Vulnerabilities in the SS7 signaling protocol, which serves as the backbone of our mobile communications networks, can be used to retrieve sensitive information without the user’s knowledge, which may even result to bank account hacking. For the unfamiliar, the SS7 signaling protocol allows mobile networks around the world to send text messages to subscribers of other carriers. Using just the person’s phone number, hackers can take advantage of the weaknesses of the SS7 signaling protocol to record phone calls, read text messages and identify the user’s location. These records, along with other sensitive information, can then be used for numerous purposes, from spying on high-profile targets to using the gathered information to try hacking bank accounts. While telecoms have known that the SS7 network has weak safeguards against spying, it was only this Wednesday that a German newspaper uncovered that the vulnerabilities of the SS7 signaling protocol were used to hack and drain bank accounts.
One of the major problems with the network running the SS7 protocol is its tendency to follow whatever instructions it was given. For example, if somebody who has an access to the network requests that the communications of certain phone numbers be routed through their devices, the routing will take place. In the case of hackers who bought access to SS7 network for 1000 Euros, they could route certain phone numbers and log their SMS messages.

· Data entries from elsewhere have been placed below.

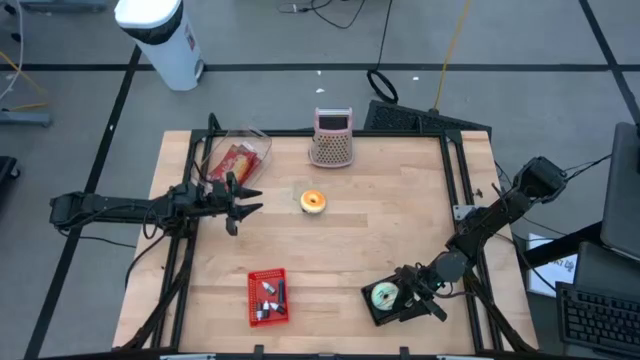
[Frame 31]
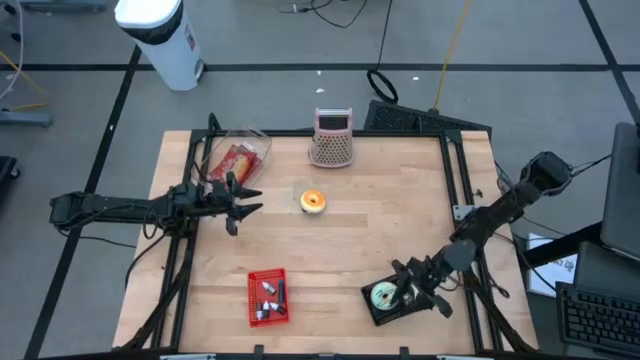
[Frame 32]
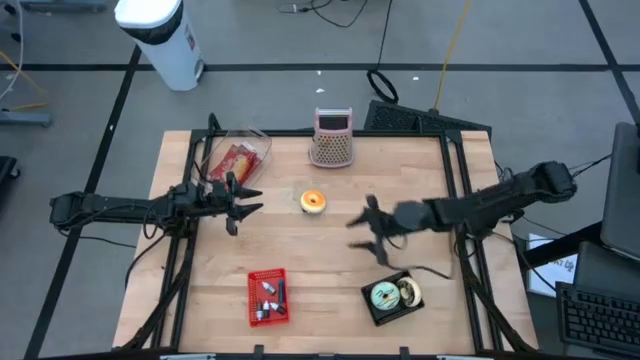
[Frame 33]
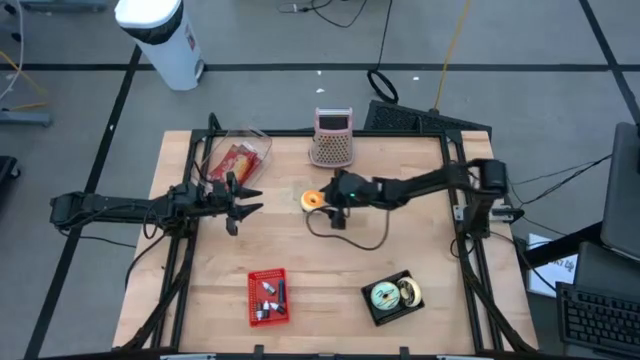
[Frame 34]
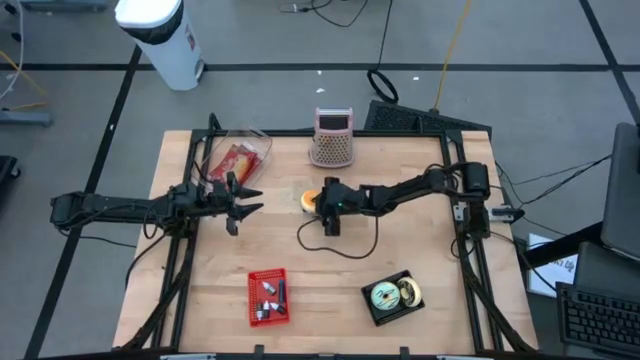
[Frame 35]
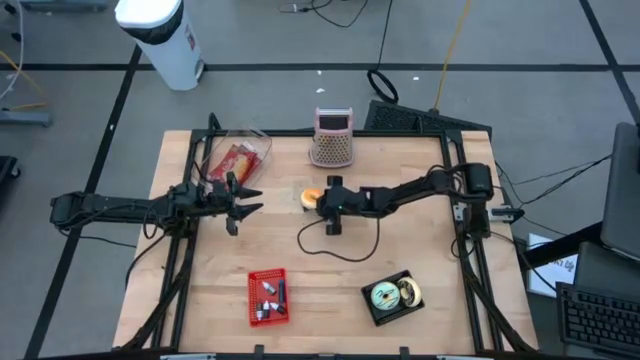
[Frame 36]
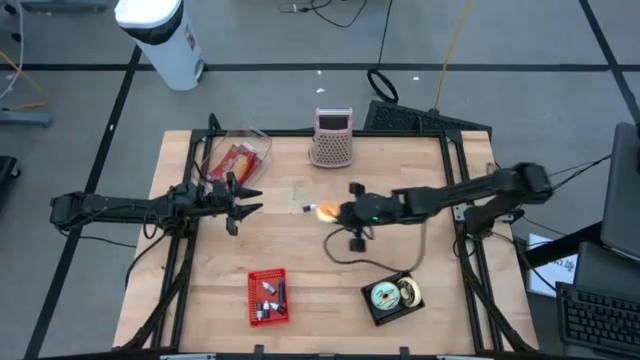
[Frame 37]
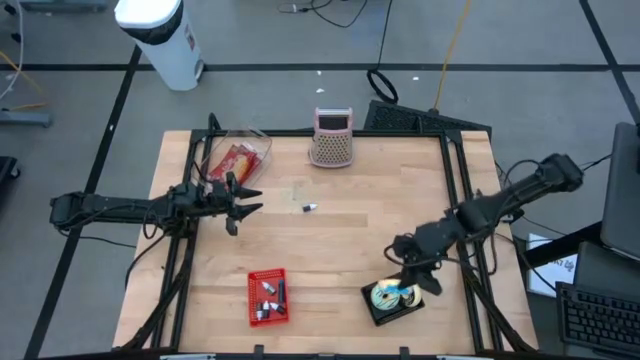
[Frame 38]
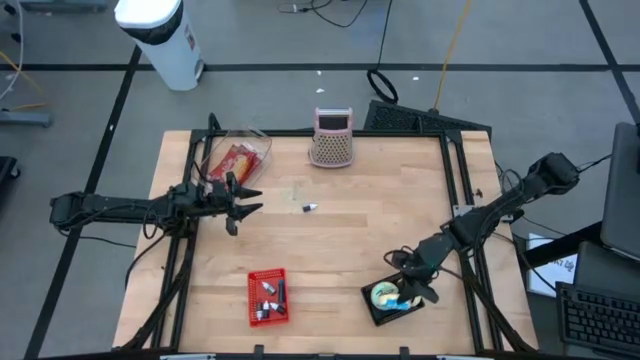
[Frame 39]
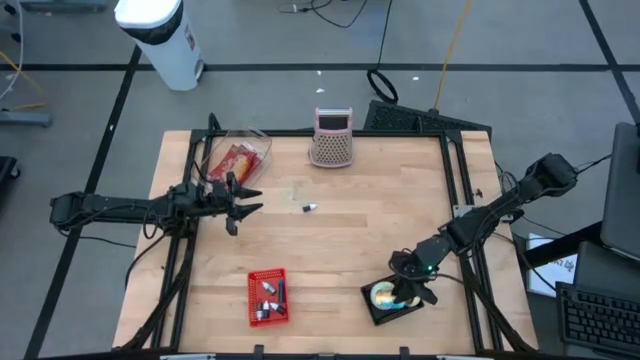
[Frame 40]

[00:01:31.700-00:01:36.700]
Put the blue doughnut into the black bin

Once information about bank transactions are transferred via SMS, the hackers can then access the bank account of their target using the information they have gathered from the routed messages, assuming they already have the account password of their target.
Given the vulnerabilities of SS7 protocol, people are asked to not use SMS-based two-factor authentication and instead, use other forms of two-factor authentication. However, there is a possibility that other forms of authentication may be affected by the weaknesses in the SS7 protocol. An example of this is Twitter, which still sends 2-factor authentication logs through SMS code even if Google Authenticator was used. Meanwhile, US lawmakers Ted Lieu and Ron Wyden, along with experts like Karsten Nohl, have long pushed for improvements in the protocol and emphasized the need for action by the FCC and the carriers.